→ Exercise prompt: Find the lines below in which the string "Instanz" occurs. Copy each one.

↓

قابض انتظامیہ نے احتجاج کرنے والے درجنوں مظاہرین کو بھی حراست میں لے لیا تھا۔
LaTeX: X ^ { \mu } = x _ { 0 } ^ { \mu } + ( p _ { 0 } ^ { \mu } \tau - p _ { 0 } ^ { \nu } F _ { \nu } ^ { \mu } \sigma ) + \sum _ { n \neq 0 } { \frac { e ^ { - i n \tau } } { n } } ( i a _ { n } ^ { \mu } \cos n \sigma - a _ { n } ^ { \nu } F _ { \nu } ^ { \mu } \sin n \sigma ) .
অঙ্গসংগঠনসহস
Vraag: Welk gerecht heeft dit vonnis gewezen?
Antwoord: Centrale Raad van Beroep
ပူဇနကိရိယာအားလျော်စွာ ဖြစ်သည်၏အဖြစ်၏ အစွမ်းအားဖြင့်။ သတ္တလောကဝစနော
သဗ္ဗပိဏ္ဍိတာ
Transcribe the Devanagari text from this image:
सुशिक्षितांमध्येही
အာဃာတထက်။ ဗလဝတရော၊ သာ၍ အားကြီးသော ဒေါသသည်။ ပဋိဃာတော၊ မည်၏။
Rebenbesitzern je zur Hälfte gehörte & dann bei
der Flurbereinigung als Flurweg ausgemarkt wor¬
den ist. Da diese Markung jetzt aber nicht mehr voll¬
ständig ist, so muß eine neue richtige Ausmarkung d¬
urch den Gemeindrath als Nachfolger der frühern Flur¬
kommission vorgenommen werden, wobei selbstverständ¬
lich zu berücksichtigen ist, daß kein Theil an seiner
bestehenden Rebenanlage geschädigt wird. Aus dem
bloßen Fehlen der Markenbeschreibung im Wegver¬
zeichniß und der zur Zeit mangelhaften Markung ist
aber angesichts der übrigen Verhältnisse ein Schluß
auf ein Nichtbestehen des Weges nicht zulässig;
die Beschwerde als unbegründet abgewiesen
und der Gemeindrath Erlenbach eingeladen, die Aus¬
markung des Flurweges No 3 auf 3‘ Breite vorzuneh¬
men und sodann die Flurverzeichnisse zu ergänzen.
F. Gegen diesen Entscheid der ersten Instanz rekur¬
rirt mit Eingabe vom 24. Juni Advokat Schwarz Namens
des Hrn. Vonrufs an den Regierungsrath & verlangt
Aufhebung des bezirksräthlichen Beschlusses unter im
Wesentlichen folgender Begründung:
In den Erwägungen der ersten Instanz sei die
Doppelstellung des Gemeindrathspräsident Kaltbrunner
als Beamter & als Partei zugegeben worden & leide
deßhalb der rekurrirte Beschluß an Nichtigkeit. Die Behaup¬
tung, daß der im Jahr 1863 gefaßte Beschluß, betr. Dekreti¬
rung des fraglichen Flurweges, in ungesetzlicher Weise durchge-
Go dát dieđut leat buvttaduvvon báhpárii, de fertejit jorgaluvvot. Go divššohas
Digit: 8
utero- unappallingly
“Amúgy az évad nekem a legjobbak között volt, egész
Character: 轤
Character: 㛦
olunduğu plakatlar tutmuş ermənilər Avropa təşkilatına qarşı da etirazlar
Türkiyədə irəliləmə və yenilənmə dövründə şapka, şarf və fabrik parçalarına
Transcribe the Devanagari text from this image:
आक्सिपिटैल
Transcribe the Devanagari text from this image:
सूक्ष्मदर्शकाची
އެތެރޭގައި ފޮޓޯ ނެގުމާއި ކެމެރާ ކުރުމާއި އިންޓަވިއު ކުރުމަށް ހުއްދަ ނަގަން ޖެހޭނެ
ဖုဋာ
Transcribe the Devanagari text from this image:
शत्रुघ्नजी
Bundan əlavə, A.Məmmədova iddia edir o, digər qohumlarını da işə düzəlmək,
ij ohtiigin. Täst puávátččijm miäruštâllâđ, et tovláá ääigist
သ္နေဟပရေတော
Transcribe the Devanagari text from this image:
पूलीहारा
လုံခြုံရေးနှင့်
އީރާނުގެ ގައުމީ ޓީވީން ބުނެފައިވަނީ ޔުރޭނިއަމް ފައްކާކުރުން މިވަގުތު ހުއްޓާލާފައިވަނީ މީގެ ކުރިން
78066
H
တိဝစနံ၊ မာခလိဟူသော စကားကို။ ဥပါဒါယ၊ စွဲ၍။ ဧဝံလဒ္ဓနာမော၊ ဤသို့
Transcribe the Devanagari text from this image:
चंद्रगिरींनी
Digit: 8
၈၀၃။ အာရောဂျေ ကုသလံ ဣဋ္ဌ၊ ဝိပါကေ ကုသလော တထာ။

↑

→ Written solution:
F. Gegen diesen Entscheid der ersten Instanz rekur¬
In den Erwägungen der ersten Instanz sei die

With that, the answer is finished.